The problem has sharpened into focus because several of Zurich's largest cultural bodies are currently mid-migration. The Stadtarchiv Zürich on Alfred-Escher-Strasse and the Zentralbibliothek at Zähringerplatz are both consolidating legacy digitisation projects started between 2015 and 2019 into unified cloud-based platforms. When cataloguers began the consolidation work in earnest in early 2026, they encountered a duplication rate far higher than anticipated.
What the Numbers Actually Show
The scale matters. A single high-resolution archival scan of a nineteenth-century city map can run to 800 megabytes. Multiply that by tens of thousands of duplicate files and the storage costs compound fast. Cloud storage for institutional archives in Switzerland currently runs at roughly CHF 0.022 per gigabyte per month through standard Swiss-hosted providers — a figure that sounds negligible until a collection holds two or three copies of every item across three separate legacy systems.

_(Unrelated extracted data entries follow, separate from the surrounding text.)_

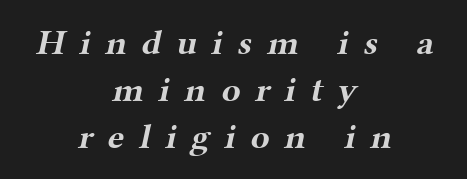
Alignment: centered. The text was rendered using a seriffed face with decorative stroke endings. The letters advance in unequal steps, a hallmark of proportional type. Letters rest on an invisible, unmarked baseline. A typesetter would call this leading conventional body-copy spacing. Tracking here is generous; glyphs stand well apart from one another.
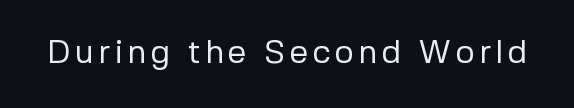
Q: Is the text bold? A: No.
Q: Is the text italic (slanted)? A: No, it is upright.
Q: Is the typeface a serif or a sans-serif typeface? A: Sans-serif.
Q: Is the text underlined? A: No.
Q: Width (condensed, normal, or wide)? A: Normal.
Q: Stroke contrast? A: Low.
Q: x-height? A: Medium.
Q: Monospaced? A: No.
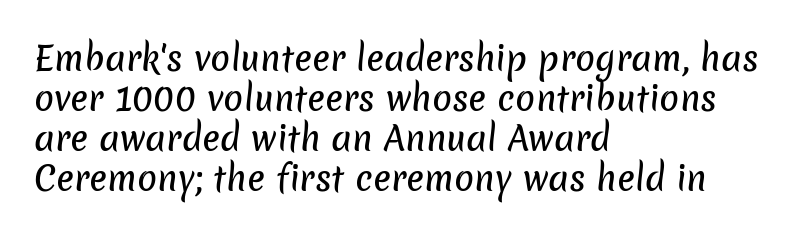
The image shows 33 px sans-serif type; set left-aligned, line spacing 1.21x, normal letter spacing, not underlined; low stroke contrast and a medium x-height.
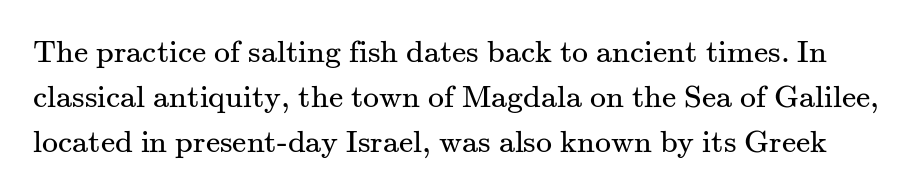
{"serif": "yes", "italic": "no", "bold": "no", "weight": "regular", "width": "normal", "stroke_contrast": "medium", "x_height": "small", "monospaced": "no", "underline": "no", "line_spacing": "normal", "line_spacing_ratio": 1.41, "letter_spacing": "normal", "letter_spacing_em": 0.0, "glyph_px": 32}
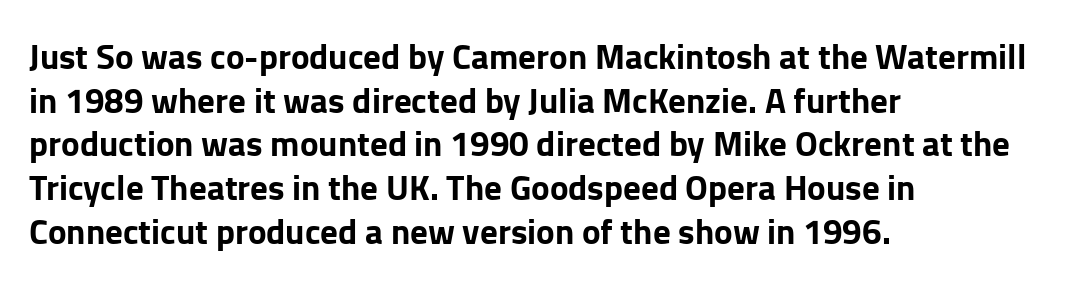
Rule under the text: the space is simply empty. Do the characters align in a grid? No, the font is proportional. Each word holds together tightly as a unit, with standard inter-letter gaps. Does the type have serifs? No, each stem ends abruptly. The sample has been set heavy, in full bold.
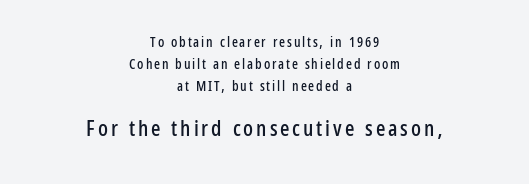
Ordinary non-slanted type is in use. Compare the two chunks: the lower has the greater cap height. What's the leading like? Ordinary, nothing unusual. A student would call this center alignment; a typographer would say set centered. Unmarked baselines from the first word to the last.
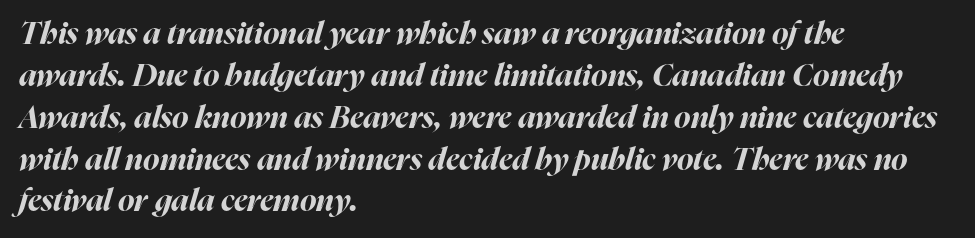
Q: Is the text bold? A: Yes.
Q: Is the text italic (slanted)? A: Yes, it leans right by about 16 degrees.
Q: Is the text underlined? A: No.
Q: How is the paragraph aligned? A: Left-aligned.
Q: Is the spacing between letters normal or unusually wide? A: Normal.
Q: Is the spacing between lines tight, normal or loose? A: Normal.
Q: Width (condensed, normal, or wide)? A: Normal.
Q: Stroke contrast? A: High.
Q: x-height? A: Medium.
Q: Monospaced? A: No.
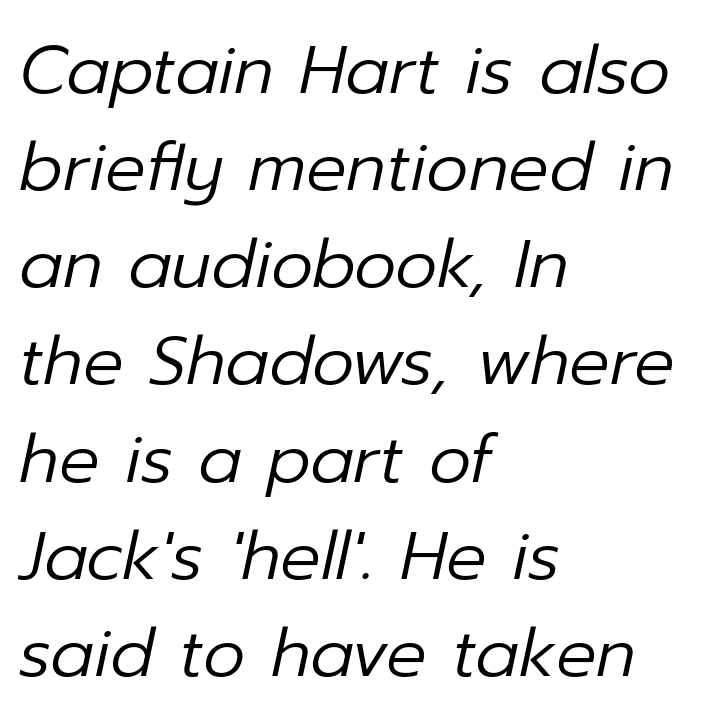
Q: Is the text bold? A: No.
Q: Is the text italic (slanted)? A: Yes, it leans right by about 12 degrees.
Q: Is the text underlined? A: No.
Q: How is the paragraph aligned? A: Left-aligned.
Q: Is the spacing between letters normal or unusually wide? A: Normal.
Q: Is the spacing between lines tight, normal or loose? A: Normal.
Q: Width (condensed, normal, or wide)? A: Normal.
Q: Stroke contrast? A: Low.
Q: x-height? A: Medium.
Q: Monospaced? A: No.
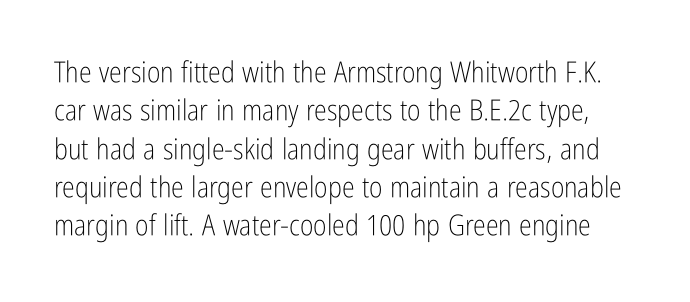
{"serif": "no", "italic": "no", "bold": "no", "weight": "light", "width": "condensed", "stroke_contrast": "low", "x_height": "medium", "monospaced": "no", "underline": "no", "line_spacing": "normal", "line_spacing_ratio": 1.32, "letter_spacing": "normal", "letter_spacing_em": 0.0, "glyph_px": 29}
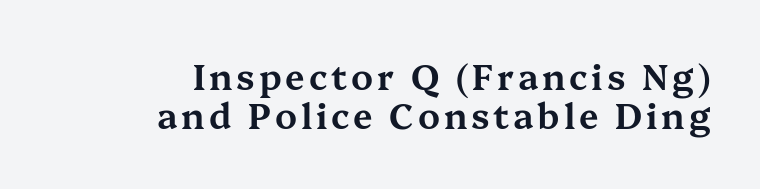
Vertical spacing — tight. Does the type have serifs? Yes, each stem ends in a small foot. Where is the straight margin? On the right. The letters advance in unequal steps, a hallmark of proportional type.
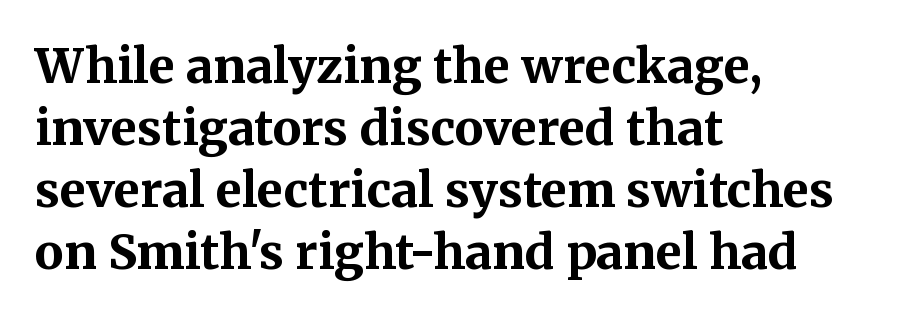
Q: Is the text bold? A: Yes.
Q: Is the text italic (slanted)? A: No, it is upright.
Q: Is the typeface a serif or a sans-serif typeface? A: Serif.
Q: Is the text underlined? A: No.
Q: How is the paragraph aligned? A: Left-aligned.
Q: Is the spacing between letters normal or unusually wide? A: Normal.
Q: Is the spacing between lines tight, normal or loose? A: Normal.
Q: Width (condensed, normal, or wide)? A: Normal.
Q: Stroke contrast? A: Medium.
Q: x-height? A: Medium.
Q: Monospaced? A: No.
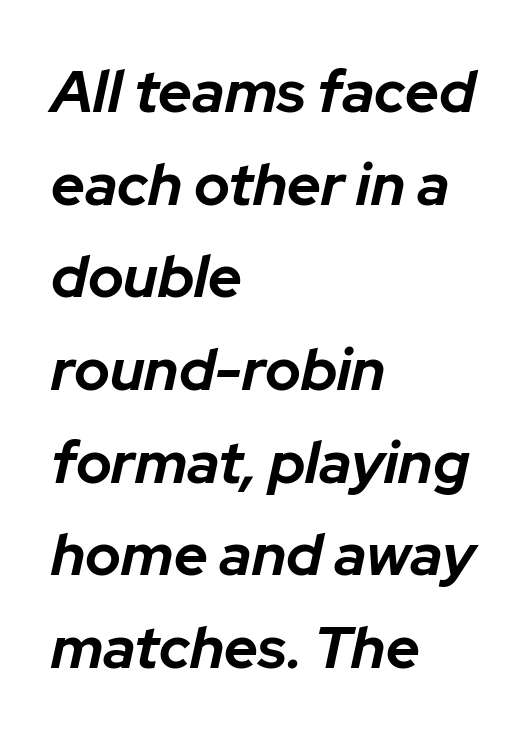
Clear beneath every line of the passage. It's the slanting kind of type. Spacing verdict: proportional, widths tailored to each character. Students, note that the glyphs here touch the page at normal intervals. The rendering uses a bold face; every stroke is thick and dark.
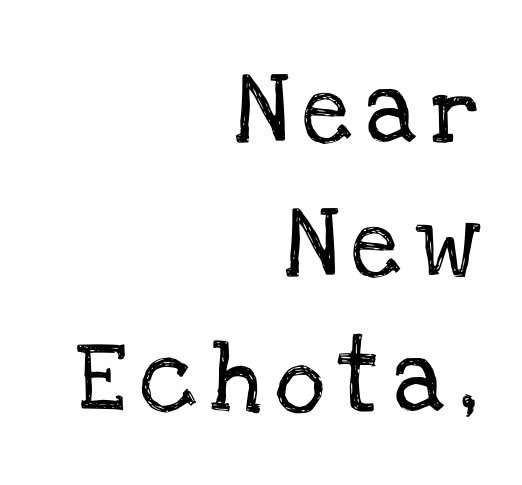
Students, observe: this is what heavily led, spacious text looks like. Unlike a clean sans, this face finishes its strokes with serifs. Teacher's note: observe the even right margin — that is flush-right alignment. The letterforms stand isolated, each surrounded by extra space.
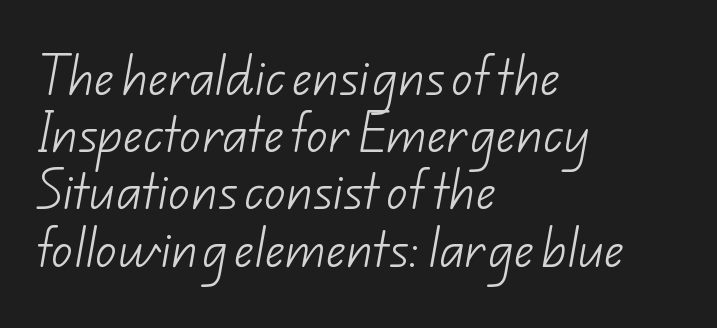
These glyphs show unthickened strokes, regular width or finer. Character widths vary here, with narrow letters taking less room than wide ones. The space directly below the letters is spotless. Interline gaps are of average width in this sample.
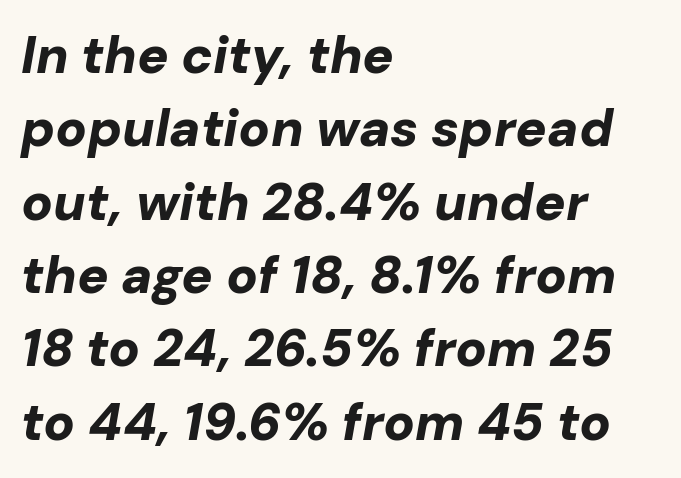
The image shows 52 px bold type, italic (leaning right); set left-aligned, normal line spacing (1.41x), normal letter spacing, not underlined; low stroke contrast and a medium x-height.
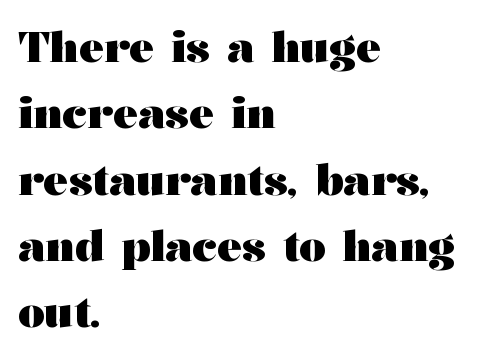
The image shows 42 px heavy, wide serif type, upright; set left-aligned, normal line spacing (1.58x), normal letter spacing, not underlined; medium stroke contrast and a medium x-height.
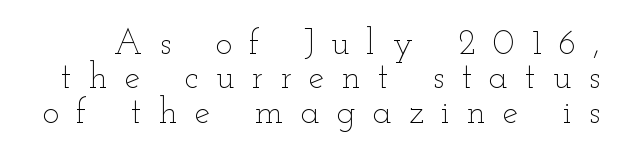
{"italic": "no", "bold": "no", "weight": "thin", "width": "wide", "stroke_contrast": "low", "x_height": "small", "monospaced": "no", "underline": "no", "line_spacing": "tight", "line_spacing_ratio": 0.98, "letter_spacing": "wide", "letter_spacing_em": 0.49, "glyph_px": 35}
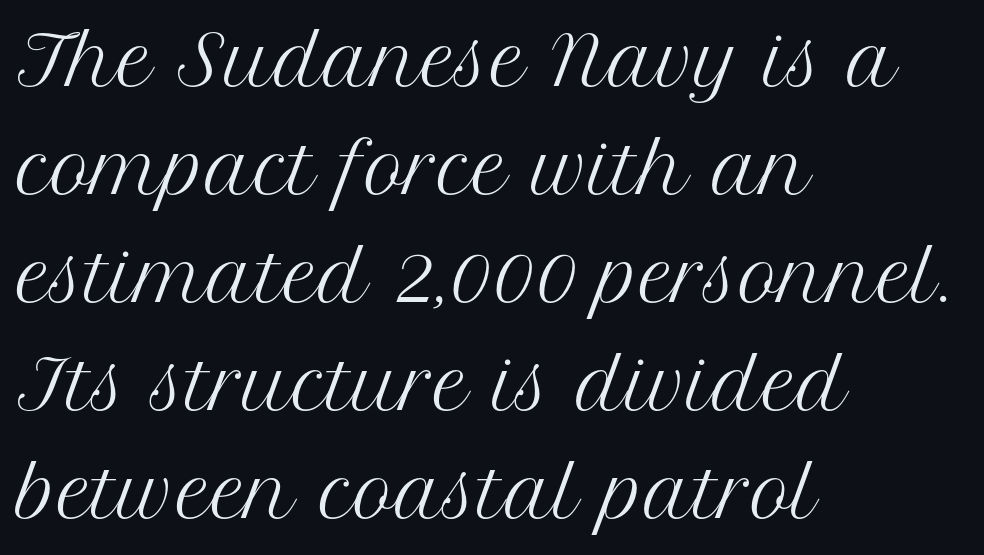
The image shows 68 px regular-weight serif type; set left-aligned, normal line spacing (1.59x), normal letter spacing, not underlined; medium stroke contrast and a medium x-height.
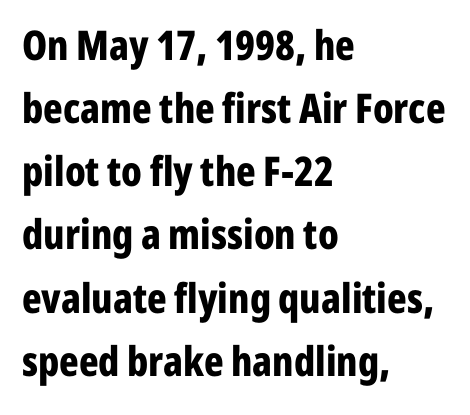
Q: Is the text bold? A: Yes.
Q: Is the text italic (slanted)? A: No, it is upright.
Q: Is the typeface a serif or a sans-serif typeface? A: Sans-serif.
Q: Is the text underlined? A: No.
Q: How is the paragraph aligned? A: Left-aligned.
Q: Is the spacing between letters normal or unusually wide? A: Normal.
Q: Is the spacing between lines tight, normal or loose? A: Normal.
Q: Width (condensed, normal, or wide)? A: Condensed.
Q: Stroke contrast? A: Low.
Q: x-height? A: Medium.
Q: Monospaced? A: No.
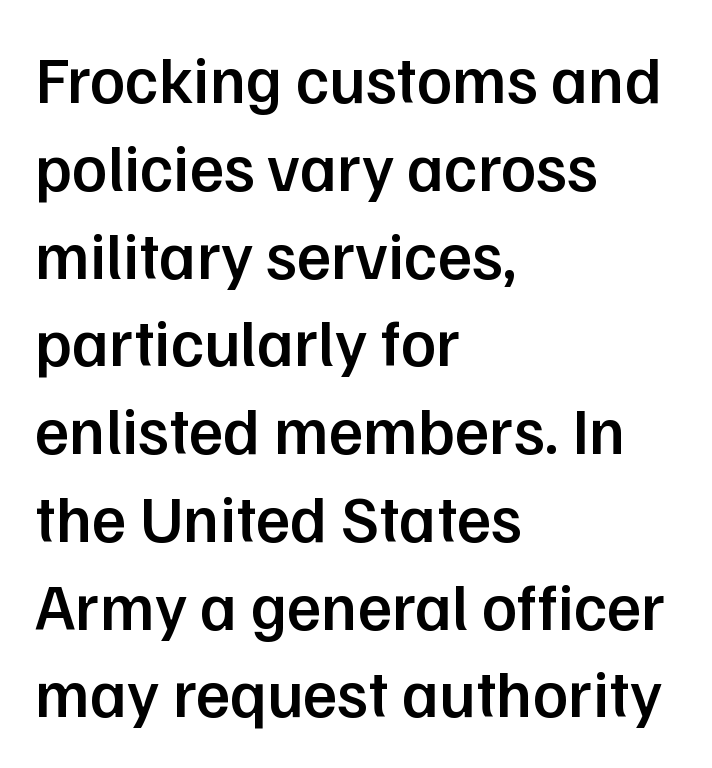
{"serif": "no", "italic": "no", "bold": "semi", "weight": "semibold", "width": "normal", "stroke_contrast": "low", "x_height": "medium", "monospaced": "no", "underline": "no", "align": "left", "line_spacing": "normal", "line_spacing_ratio": 1.33, "letter_spacing": "normal", "letter_spacing_em": 0.0, "glyph_px": 66}
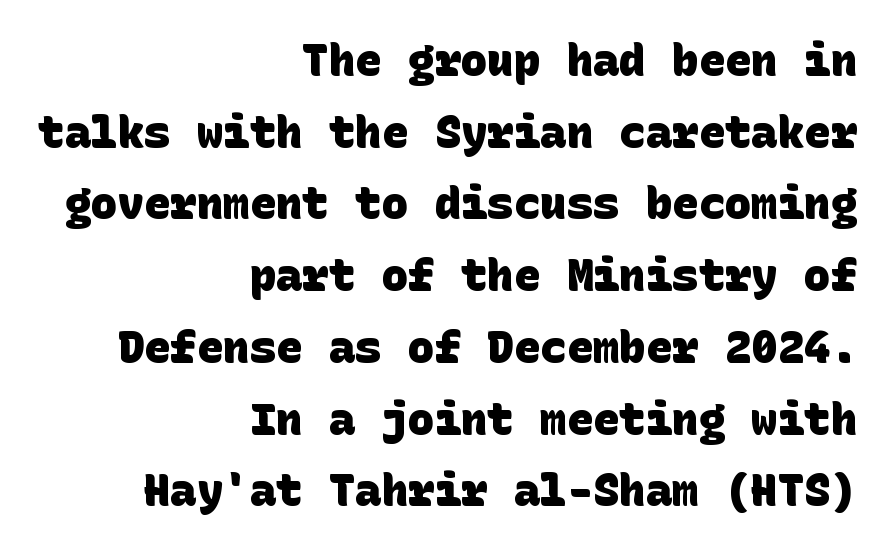
The horizontal fit of the characters is conventional and even. Letters rest on an invisible, unmarked baseline. Compared with typical paragraphs, the rows here are spaced about the same. Note: no serifs on the glyphs.
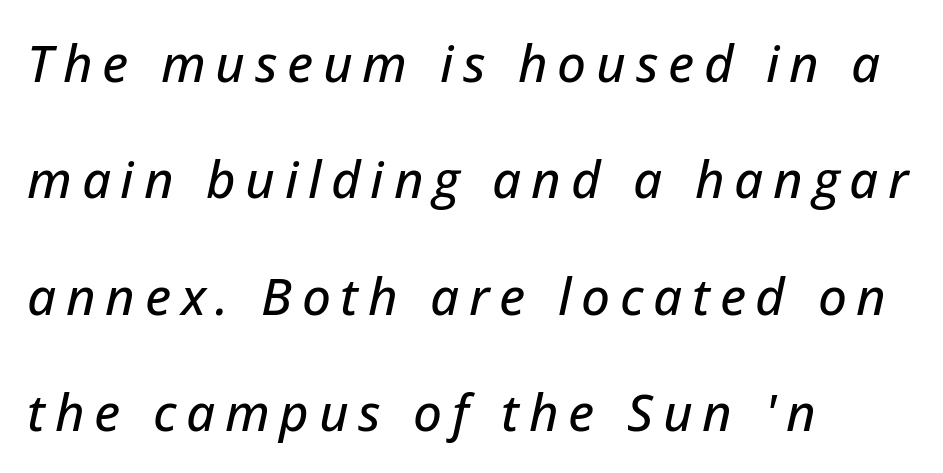
{"italic": "yes", "lean": "right", "slant_degrees": 12, "width": "normal", "stroke_contrast": "low", "x_height": "medium", "monospaced": "no", "underline": "no", "align": "left", "line_spacing": "loose", "line_spacing_ratio": 2.28, "glyph_px": 51}
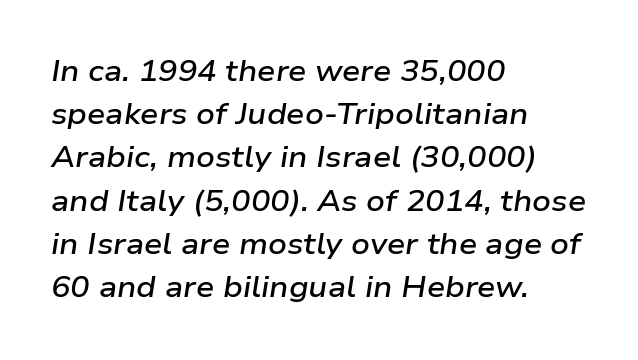
Q: Is the text bold? A: Semi-bold.
Q: Is the text italic (slanted)? A: Yes, it leans right by about 9 degrees.
Q: Is the text underlined? A: No.
Q: How is the paragraph aligned? A: Left-aligned.
Q: Is the spacing between letters normal or unusually wide? A: Normal.
Q: Is the spacing between lines tight, normal or loose? A: Normal.
Q: Width (condensed, normal, or wide)? A: Wide.
Q: Stroke contrast? A: Low.
Q: x-height? A: Medium.
Q: Monospaced? A: No.
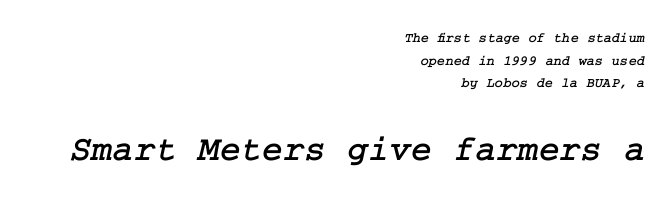
The image shows 36 px serif type; set right-aligned, normal line spacing (1.61x), normal letter spacing, not underlined; the second (bottom) block is 2.57x larger; low stroke contrast and a medium x-height.
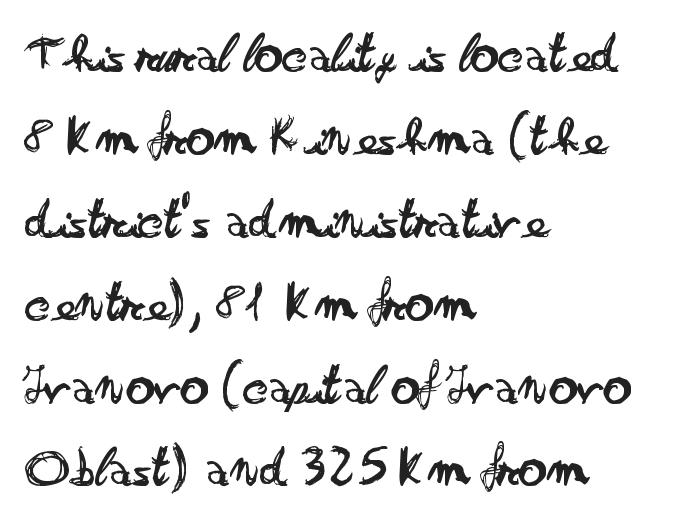
Q: Is the text bold? A: No.
Q: Is the text italic (slanted)? A: No, it is upright.
Q: Is the typeface a serif or a sans-serif typeface? A: Sans-serif.
Q: Is the text underlined? A: No.
Q: How is the paragraph aligned? A: Left-aligned.
Q: Is the spacing between letters normal or unusually wide? A: Normal.
Q: Is the spacing between lines tight, normal or loose? A: Normal.
Q: Width (condensed, normal, or wide)? A: Wide.
Q: Stroke contrast? A: Low.
Q: x-height? A: Small.
Q: Monospaced? A: No.
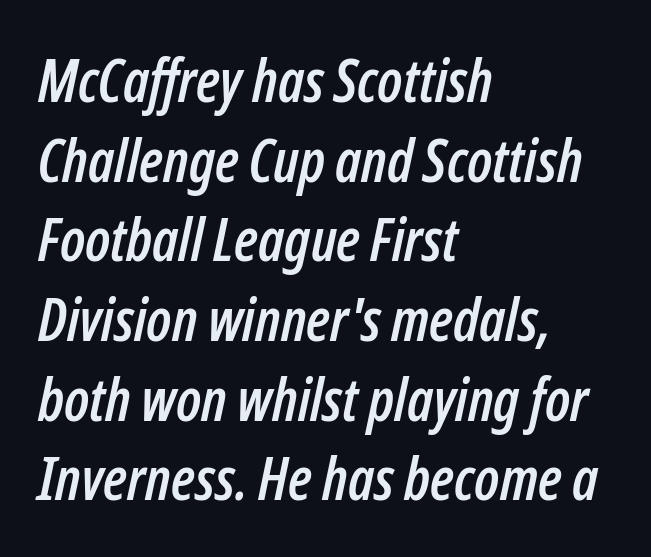
The image shows 59 px condensed type, italic (leaning right); set left-aligned, normal line spacing (1.35x), normal letter spacing, not underlined; low stroke contrast and a medium x-height.

The Zentralbibliothek alone holds more than 3.5 million digitised items across its various collections, a number drawn from its own published collection statistics. If even a fraction of those items carry duplicates at the resolution archivists use, the redundant storage cost compounds into tens of thousands of francs annually — money that could fund additional cataloguing positions or public access terminals.
ETH Zurich's Data Archive group, based on the Hönggerberg campus, has been researching automated deduplication methods as part of a broader Swiss National Science Foundation-supported project examining digital preservation standards. Researchers there have noted that the problem is not unique to Zurich — comparable institutions in Basel and Bern face similar structural issues — but Zurich's density of overlapping cultural mandates, with municipal, cantonal and federal collections sometimes covering identical source material, makes the duplication rate particularly acute here.
Why Fixing It Is Harder Than It Sounds
Deduplication is not simply a matter of deleting identical files. Archivists must first confirm that two apparently identical image files are genuinely the same scan and not two separate photographs of the same object taken at different times or under different lighting conditions. That distinction matters legally and intellectually. Swiss federal archiving law, updated under the Archivierungsgesetz provisions that came into force in 2023, requires institutions to demonstrate provenance chains for every retained and every deleted item.
The Stadtarchiv has been piloting a perceptual hashing tool since January 2026 — software that generates a compact numerical fingerprint from image content rather than file metadata — to flag probable duplicates for human review. Early results from the pilot, covering roughly 120,000 image files, flagged approximately 28,000 candidate duplicates. Staff then manually confirmed around 19,500 of those as genuine redundancies. That is a 16 percent confirmed duplication rate within the pilot sample alone.
The financial logic for action is straightforward. Reducing confirmed duplicates across the Stadtarchiv's full digital holdings could cut storage costs by an estimated CHF 35,000 to CHF 60,000 over a five-year horizon, based on the pilot's extrapolated figures and current Swiss cloud-hosting rates. More importantly, leaner catalogues improve search performance for researchers using the archive's public portal — a practical benefit for the historians, journalists and genealogists who log thousands of searches against the system each month.
The Zentralbibliothek is expected to publish its own deduplication pilot results by the end of the third quarter of 2026. City archivists and library officials will then face a decision on whether to procure a shared deduplication infrastructure across both institutions — a procurement process that, under Swiss public tendering rules, would need to be advertised through the federal Simap platform if the contract value exceeds CHF 230,000. That threshold, and the timeline for any joint tender, will likely define how quickly Zurich gets its digital house in order.